> **PROBLEM DETAILS**: Your task is to repeat exactly the lines below between the line holding "Question: What Dhivehi" and the line holding "Answer: ދެން ބުނާނެ", inclusive, and only those.

> **DATASET EXTRACT**:
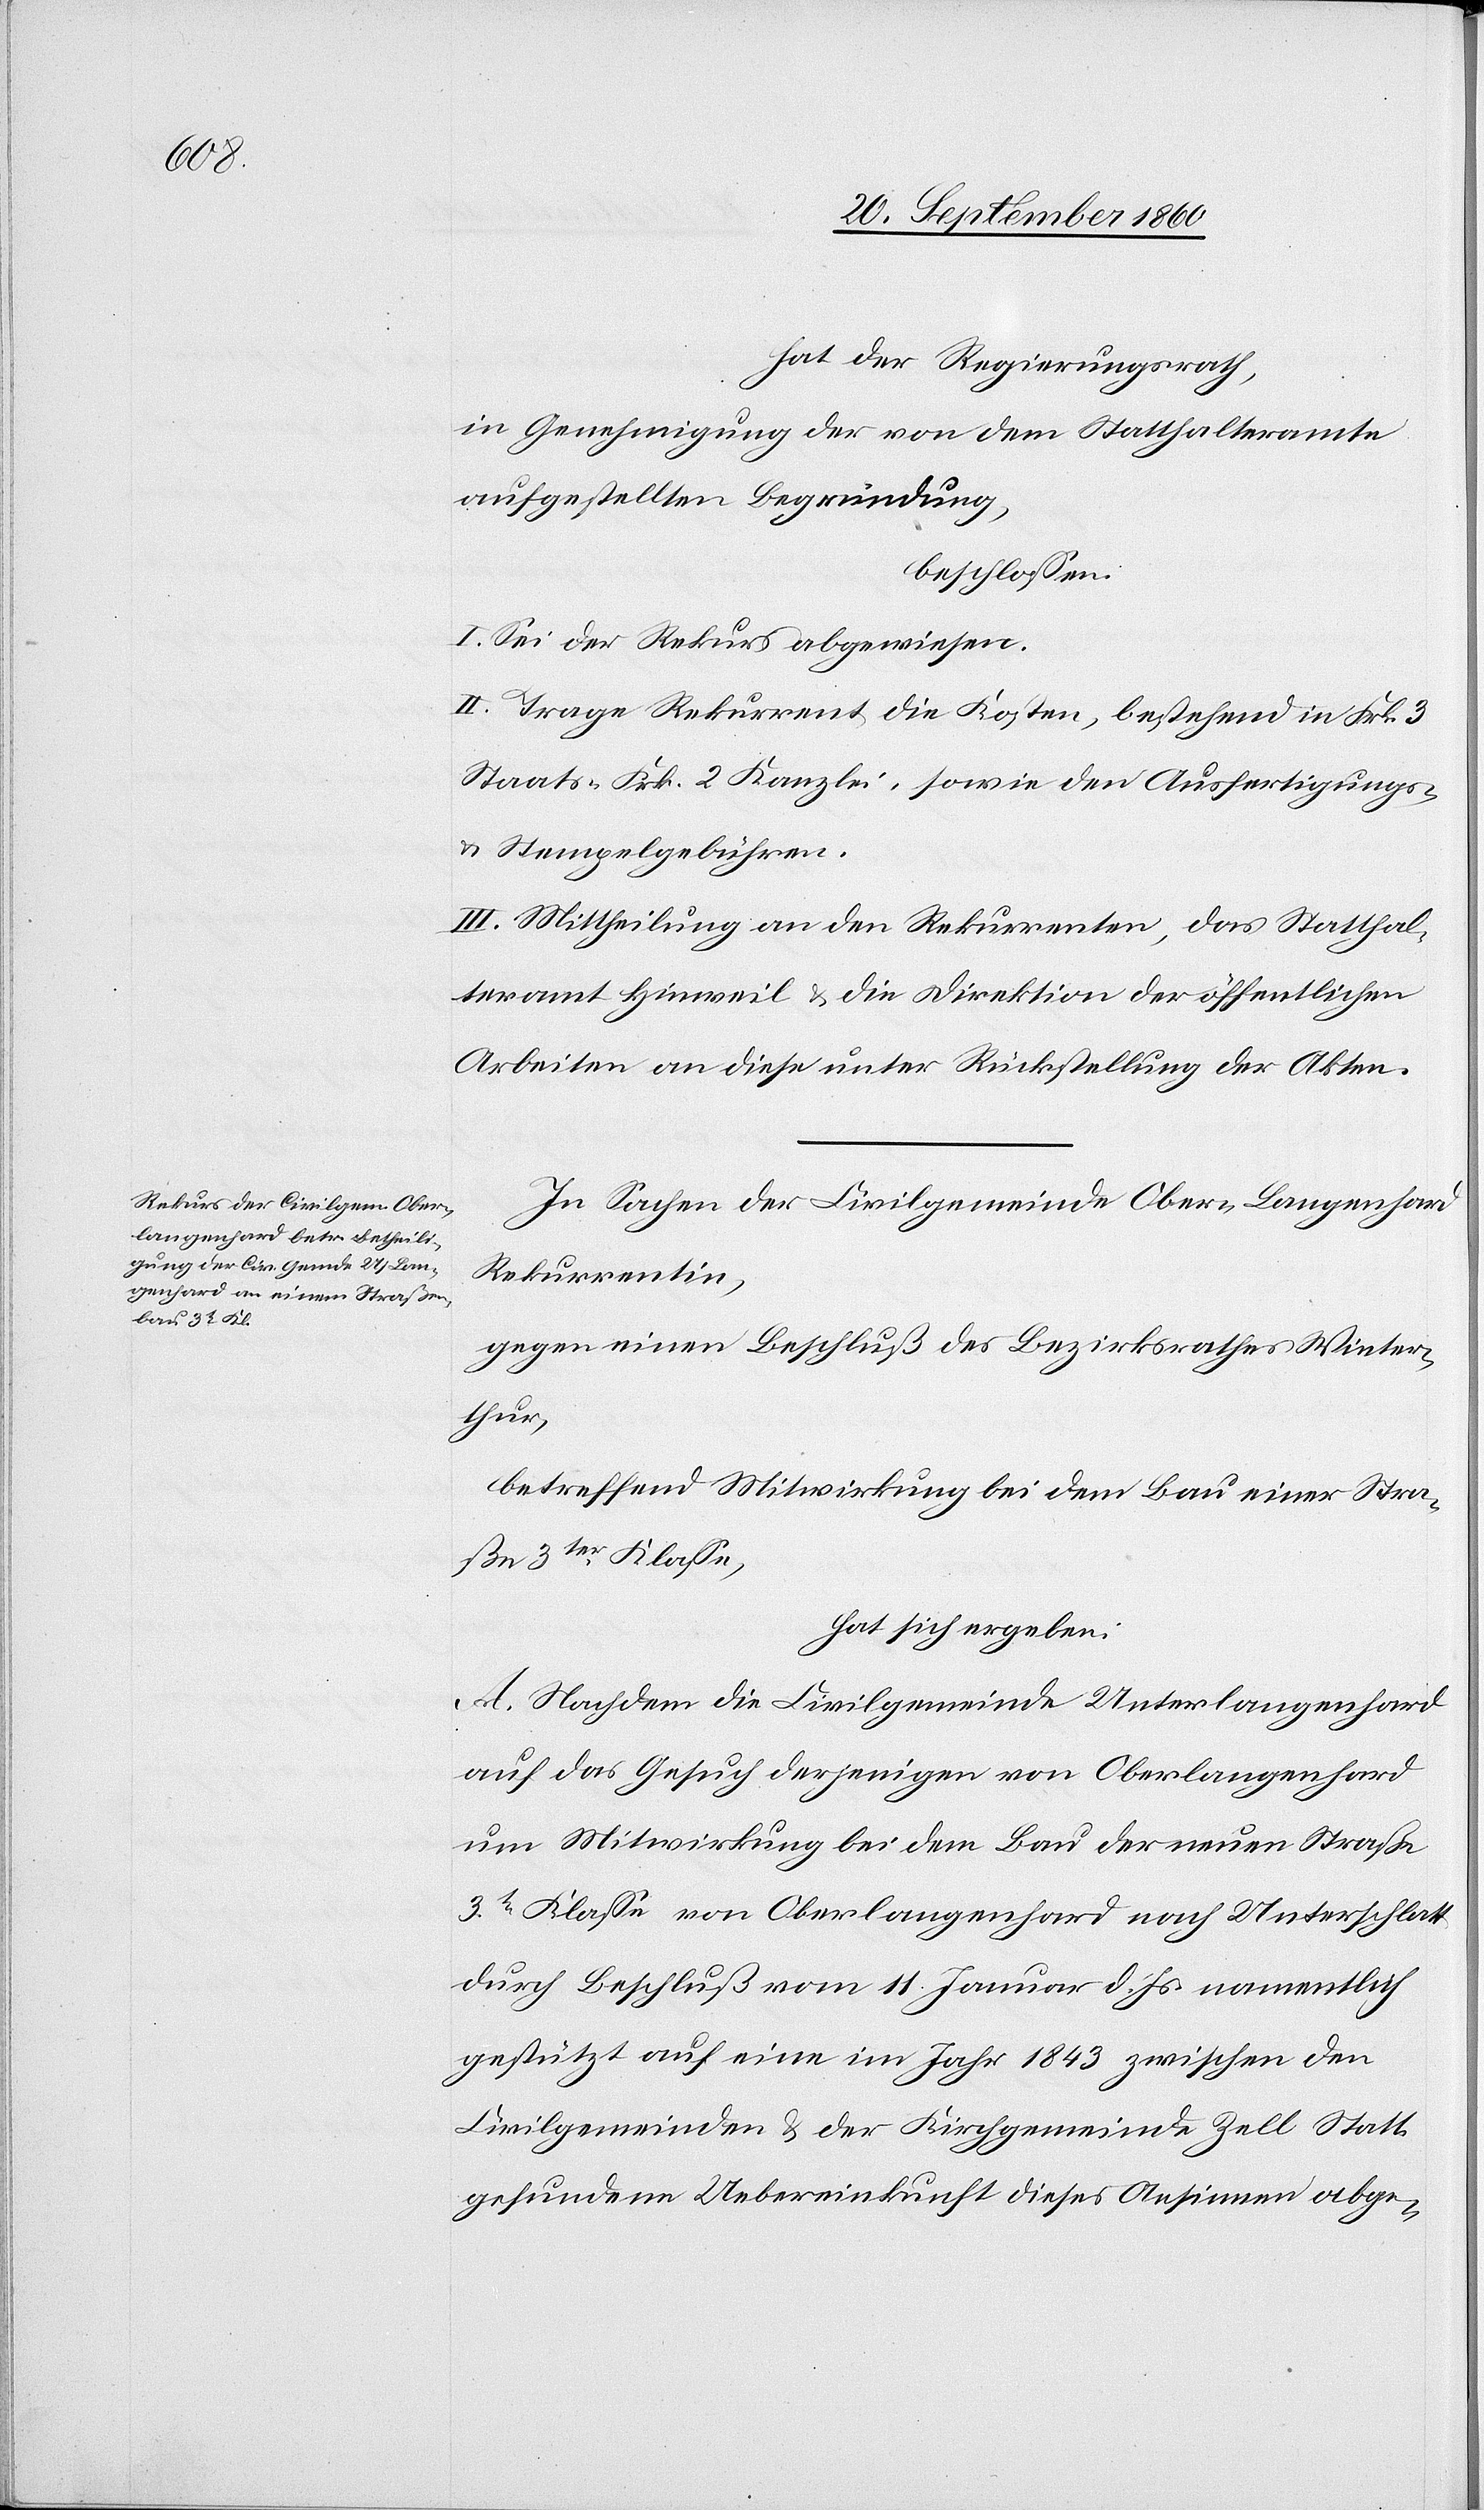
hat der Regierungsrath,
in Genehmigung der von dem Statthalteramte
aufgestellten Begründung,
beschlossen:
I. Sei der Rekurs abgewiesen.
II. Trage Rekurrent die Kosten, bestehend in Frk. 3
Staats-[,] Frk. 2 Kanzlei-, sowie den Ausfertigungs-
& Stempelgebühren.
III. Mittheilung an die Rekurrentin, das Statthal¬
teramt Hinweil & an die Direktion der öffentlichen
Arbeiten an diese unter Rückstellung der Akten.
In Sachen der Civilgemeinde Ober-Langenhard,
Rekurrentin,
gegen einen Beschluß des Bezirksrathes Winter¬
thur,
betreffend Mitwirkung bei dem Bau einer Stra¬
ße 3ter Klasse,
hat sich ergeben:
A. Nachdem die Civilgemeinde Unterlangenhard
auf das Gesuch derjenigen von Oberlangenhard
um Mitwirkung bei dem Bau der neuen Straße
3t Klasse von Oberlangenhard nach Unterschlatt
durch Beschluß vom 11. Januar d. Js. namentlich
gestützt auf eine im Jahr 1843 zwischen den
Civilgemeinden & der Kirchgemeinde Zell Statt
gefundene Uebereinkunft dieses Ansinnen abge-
* * *
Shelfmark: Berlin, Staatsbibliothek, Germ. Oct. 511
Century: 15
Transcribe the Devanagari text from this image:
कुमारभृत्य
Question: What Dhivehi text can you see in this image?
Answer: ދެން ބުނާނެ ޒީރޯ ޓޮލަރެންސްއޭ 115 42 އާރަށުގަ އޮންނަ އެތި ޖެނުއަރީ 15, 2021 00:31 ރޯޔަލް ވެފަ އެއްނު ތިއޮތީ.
---
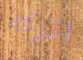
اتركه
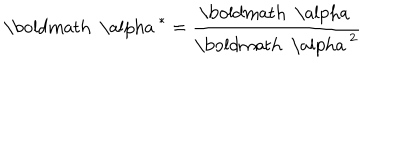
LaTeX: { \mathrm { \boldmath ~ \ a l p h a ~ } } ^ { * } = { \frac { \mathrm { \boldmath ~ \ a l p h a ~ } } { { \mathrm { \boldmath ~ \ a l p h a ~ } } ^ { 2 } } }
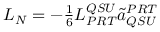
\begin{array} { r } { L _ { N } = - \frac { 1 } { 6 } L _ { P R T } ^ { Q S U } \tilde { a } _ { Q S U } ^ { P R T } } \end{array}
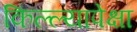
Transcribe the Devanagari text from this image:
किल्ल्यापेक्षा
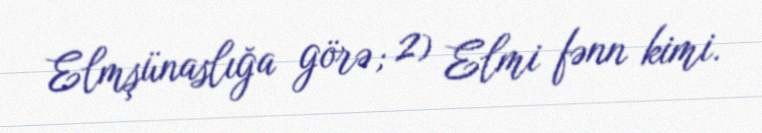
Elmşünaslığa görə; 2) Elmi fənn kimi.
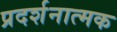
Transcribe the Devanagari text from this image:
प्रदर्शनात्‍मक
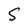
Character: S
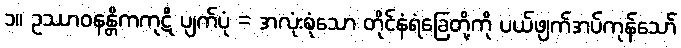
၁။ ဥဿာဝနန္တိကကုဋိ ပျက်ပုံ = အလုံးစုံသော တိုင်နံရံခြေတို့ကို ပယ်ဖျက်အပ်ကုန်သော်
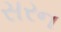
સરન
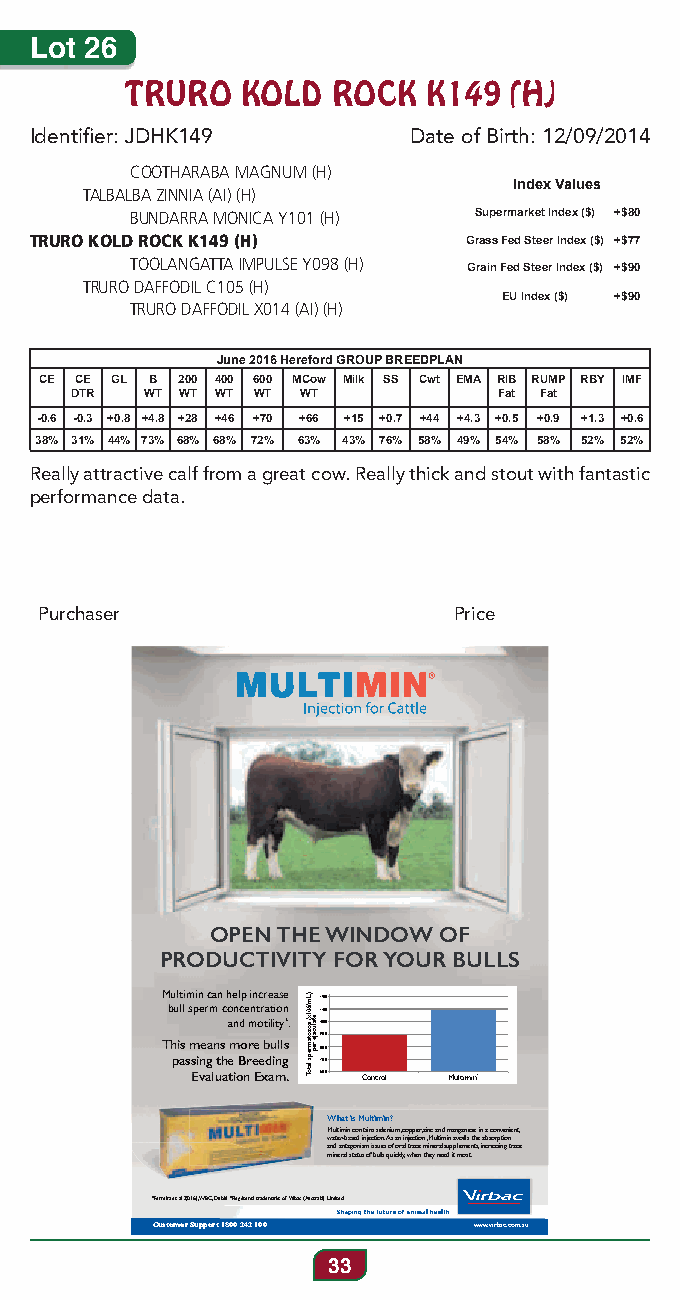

> **RESPONSE TO THIS TASK**:
Question: What Dhivehi text can you see in this image?
Answer: ދެން ބުނާނެ ޒީރޯ ޓޮލަރެންސްއޭ 115 42 އާރަށުގަ އޮންނަ އެތި ޖެނުއަރީ 15, 2021 00:31 ރޯޔަލް ވެފަ އެއްނު ތިއޮތީ.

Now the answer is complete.